Researchers at Lawrence Livermore National Laboratory (LLNL) are currently exploring the potential use of “collaborative autonomy” to creates a network of autonomous machines and humans that could be used by first responders.
The research team is developing a coordinated and distributed network of nodes with artificial intelligence capabilities that can be affixed to things like autonomous vehicles, drones, and robots. The team is currently exploring a decentralized network in which intelligence and sensor data is shared among machines and a belief network in which nodes use observations to calculate probabilities.
“The idea with collaborative autonomy is not the human flying the drone, it’s the human in control in the sense of guiding the mission or the task,” Reg Beer, the LLNL engineer heading the Lab’s collaborative autonomy effort, said. “The goal is to employ robotic partners with the ability to direct an autonomous squadmate and have that squadmate go achieve something without having to be teleoperated or with intense oversight.”
Machine-based systems that rely on unexplainable artificial intelligence systems, Beer said, will not be successful because society won’t trust something that cannot be understood.
“Humans have to see a reason and a logic to things, and if the machine seems unpredictable to us, if we don’t understand why it’s making its decisions, it won’t be adopted,” Beer said. “We want to trust that it’s going to perform and function optimally and if it makes a mistake, we’re going to have a basis to explain the mistake.”

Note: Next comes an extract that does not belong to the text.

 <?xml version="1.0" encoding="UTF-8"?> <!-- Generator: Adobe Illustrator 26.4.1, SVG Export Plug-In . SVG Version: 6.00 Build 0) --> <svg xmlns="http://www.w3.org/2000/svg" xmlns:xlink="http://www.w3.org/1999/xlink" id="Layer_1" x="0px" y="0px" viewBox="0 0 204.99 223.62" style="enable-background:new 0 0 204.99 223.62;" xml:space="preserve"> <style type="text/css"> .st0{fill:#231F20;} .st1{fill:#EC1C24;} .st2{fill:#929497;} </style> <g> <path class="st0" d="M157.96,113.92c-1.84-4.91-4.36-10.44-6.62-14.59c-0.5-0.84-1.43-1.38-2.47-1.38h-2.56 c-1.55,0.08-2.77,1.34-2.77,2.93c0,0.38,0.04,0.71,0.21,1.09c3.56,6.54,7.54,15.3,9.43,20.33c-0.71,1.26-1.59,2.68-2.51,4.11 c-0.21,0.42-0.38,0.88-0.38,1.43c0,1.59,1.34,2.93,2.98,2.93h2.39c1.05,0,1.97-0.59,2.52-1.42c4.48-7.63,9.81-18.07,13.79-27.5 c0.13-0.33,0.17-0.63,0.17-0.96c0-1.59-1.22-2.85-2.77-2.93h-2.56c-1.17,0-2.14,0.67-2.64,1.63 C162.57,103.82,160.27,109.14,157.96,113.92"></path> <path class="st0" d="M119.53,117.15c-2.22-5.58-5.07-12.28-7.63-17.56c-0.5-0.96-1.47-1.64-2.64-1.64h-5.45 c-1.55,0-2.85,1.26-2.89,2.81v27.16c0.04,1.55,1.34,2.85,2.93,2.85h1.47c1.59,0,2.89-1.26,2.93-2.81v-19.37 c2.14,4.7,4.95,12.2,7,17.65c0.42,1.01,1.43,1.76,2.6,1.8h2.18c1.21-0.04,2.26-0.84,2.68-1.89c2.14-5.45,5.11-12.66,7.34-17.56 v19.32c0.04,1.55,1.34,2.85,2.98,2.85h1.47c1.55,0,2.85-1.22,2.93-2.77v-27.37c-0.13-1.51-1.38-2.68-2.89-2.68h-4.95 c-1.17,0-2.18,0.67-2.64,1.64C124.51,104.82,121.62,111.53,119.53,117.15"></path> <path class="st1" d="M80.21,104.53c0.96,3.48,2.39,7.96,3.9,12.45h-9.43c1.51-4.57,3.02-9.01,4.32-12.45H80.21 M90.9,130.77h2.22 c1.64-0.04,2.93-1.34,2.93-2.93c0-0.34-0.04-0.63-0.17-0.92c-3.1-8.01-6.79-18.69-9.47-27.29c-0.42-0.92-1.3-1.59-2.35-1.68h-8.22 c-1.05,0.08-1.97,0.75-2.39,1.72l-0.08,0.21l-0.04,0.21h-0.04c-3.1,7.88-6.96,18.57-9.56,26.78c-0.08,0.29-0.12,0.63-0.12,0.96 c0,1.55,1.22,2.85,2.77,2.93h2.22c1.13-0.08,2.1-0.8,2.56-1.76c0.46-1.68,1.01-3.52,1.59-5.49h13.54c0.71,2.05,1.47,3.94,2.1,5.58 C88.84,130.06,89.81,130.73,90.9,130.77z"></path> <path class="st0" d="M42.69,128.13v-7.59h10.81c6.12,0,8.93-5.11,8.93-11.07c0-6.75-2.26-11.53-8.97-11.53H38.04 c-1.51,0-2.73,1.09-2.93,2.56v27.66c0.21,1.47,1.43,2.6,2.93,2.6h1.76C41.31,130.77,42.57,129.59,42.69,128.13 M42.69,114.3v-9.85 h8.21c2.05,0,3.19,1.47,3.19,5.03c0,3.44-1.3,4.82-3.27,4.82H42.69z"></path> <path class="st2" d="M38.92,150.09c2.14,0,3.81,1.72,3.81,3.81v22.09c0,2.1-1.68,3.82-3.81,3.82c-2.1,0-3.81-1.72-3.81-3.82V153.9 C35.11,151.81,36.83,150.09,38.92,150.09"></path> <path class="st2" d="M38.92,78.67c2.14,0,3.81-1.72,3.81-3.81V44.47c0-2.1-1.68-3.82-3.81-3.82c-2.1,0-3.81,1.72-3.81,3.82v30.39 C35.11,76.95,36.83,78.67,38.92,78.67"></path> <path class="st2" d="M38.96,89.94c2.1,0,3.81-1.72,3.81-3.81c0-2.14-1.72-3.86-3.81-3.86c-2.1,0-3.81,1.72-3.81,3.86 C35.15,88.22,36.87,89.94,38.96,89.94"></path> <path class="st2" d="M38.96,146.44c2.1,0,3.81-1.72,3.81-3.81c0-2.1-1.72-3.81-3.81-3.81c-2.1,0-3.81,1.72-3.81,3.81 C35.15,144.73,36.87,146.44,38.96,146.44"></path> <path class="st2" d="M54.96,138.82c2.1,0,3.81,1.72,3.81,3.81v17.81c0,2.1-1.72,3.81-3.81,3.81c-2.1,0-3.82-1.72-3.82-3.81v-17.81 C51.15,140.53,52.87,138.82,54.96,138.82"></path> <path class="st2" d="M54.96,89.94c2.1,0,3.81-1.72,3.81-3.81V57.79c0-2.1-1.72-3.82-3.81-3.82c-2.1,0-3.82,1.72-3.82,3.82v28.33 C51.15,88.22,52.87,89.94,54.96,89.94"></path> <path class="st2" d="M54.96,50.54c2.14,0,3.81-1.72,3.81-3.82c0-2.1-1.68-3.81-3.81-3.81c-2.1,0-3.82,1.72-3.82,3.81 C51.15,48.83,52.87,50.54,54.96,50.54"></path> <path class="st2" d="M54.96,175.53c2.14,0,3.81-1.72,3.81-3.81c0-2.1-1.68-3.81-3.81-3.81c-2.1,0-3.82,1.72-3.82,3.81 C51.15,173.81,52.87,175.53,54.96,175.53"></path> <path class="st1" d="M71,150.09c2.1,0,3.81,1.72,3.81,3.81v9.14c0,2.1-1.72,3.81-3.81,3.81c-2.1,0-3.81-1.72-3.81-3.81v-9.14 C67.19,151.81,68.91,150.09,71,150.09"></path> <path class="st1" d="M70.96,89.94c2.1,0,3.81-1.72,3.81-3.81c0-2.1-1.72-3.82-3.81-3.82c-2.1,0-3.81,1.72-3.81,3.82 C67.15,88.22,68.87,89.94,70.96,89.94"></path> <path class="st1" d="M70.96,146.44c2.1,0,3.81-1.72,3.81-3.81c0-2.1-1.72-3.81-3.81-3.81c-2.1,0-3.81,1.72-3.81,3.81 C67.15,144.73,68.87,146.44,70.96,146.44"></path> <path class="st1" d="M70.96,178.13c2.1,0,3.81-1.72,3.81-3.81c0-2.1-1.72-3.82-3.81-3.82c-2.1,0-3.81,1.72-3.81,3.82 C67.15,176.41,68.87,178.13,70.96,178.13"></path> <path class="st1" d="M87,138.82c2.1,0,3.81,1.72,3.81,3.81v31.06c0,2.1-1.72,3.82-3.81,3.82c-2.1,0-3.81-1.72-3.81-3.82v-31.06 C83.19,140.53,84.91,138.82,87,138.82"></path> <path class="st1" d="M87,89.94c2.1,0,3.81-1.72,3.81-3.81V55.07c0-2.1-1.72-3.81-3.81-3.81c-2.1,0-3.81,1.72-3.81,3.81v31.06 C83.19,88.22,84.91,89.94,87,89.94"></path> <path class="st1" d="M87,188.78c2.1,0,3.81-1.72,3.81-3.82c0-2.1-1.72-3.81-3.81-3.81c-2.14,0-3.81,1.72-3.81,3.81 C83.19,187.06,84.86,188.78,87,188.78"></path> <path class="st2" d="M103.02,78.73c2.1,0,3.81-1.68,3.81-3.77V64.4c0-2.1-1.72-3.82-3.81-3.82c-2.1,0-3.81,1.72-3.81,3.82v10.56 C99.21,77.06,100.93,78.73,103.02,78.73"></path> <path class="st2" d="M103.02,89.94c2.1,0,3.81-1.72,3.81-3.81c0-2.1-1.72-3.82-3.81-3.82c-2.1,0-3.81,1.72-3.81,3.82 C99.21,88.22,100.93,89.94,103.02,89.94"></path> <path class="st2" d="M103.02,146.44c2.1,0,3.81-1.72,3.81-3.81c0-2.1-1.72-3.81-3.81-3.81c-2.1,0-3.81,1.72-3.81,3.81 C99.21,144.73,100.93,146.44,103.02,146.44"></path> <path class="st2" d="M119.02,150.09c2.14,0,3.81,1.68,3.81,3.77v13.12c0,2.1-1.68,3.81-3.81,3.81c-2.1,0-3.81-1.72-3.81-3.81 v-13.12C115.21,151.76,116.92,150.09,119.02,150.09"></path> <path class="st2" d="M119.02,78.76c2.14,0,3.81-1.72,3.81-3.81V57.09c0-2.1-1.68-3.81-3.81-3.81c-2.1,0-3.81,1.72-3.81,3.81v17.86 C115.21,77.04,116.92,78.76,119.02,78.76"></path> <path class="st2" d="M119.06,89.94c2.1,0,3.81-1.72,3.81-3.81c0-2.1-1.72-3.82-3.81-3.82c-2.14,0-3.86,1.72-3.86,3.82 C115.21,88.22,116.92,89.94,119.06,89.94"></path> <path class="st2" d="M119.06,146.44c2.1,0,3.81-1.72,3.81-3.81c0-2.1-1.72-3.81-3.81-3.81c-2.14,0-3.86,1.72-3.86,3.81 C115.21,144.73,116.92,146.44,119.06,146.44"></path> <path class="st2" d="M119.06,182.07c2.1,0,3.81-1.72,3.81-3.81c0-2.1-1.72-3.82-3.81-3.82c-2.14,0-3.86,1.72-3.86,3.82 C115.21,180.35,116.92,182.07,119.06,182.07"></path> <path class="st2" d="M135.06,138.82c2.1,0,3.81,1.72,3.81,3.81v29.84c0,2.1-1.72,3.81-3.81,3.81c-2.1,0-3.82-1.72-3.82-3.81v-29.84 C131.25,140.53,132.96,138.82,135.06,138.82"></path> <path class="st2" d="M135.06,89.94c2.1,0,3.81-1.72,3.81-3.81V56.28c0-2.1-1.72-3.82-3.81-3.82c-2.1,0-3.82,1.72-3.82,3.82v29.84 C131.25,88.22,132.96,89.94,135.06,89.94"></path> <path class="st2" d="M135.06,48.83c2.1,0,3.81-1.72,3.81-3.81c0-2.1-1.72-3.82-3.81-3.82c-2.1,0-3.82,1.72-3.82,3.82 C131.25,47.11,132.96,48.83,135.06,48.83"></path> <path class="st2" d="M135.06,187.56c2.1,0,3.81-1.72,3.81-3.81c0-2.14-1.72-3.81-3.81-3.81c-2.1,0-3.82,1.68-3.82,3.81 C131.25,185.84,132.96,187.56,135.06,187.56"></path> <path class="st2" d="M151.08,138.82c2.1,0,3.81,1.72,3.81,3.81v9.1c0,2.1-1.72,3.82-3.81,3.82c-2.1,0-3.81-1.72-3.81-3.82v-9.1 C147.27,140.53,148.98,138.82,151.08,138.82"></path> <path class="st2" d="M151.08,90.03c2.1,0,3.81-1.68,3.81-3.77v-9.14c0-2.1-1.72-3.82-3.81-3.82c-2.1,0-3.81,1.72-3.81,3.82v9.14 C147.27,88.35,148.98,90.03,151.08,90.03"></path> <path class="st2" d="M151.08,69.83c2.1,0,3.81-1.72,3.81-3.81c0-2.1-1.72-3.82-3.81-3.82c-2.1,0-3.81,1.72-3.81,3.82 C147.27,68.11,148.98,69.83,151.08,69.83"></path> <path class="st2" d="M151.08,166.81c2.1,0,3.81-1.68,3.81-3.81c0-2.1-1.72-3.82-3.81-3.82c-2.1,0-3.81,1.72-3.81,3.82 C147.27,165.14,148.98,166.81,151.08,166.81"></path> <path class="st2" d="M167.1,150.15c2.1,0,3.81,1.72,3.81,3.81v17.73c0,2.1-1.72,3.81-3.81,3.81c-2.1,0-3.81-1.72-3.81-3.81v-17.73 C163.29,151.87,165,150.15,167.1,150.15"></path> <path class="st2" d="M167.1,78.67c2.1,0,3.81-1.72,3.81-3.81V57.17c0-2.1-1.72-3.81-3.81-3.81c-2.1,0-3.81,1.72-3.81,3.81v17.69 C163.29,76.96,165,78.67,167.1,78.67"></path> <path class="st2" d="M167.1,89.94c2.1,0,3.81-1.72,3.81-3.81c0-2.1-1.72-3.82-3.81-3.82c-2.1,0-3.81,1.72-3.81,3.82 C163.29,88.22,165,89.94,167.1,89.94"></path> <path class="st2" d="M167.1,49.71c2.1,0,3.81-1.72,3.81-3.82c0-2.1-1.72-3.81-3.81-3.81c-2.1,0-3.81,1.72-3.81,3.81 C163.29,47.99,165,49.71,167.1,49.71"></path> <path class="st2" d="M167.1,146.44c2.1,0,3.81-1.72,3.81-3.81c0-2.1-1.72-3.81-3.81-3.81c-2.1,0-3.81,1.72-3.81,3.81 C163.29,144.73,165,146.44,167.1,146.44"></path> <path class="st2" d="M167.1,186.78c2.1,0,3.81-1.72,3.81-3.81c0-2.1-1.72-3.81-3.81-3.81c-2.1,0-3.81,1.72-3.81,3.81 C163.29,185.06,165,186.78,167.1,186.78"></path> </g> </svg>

Anantha Krishnan, the associate director engineering at LLNL, said the ultimate objective is to develop algorithms and computing capabilities that allow an adaptable network of mobile and autonomous platforms to collaborate in real time and create an “actionable picture of the operating environment.”
One of the biggest challenges is processing data across large networks of sensors so that artificial intelligence machines can communicate with the network and determine what needs to be sensed.
“We don’t want nodes to be ‘dumb’ sensors that go out and collect data, and send their data to a fusion center that interprets all the data, and directs the network over the next timestep,” Ryan Goldhahn, an LLNL researcher, said. “The idea is for the individual nodes themselves to judiciously choose what data to sense and what they should send to other nodes — you don’t want your network to rely on one node, which is a potential vulnerability. If the intelligence is pushed out to the individual nodes, and each of those nodes is making a local decision, then if one node gets destroyed, the others can compensate, and the performance of the entire network degrades gracefully.”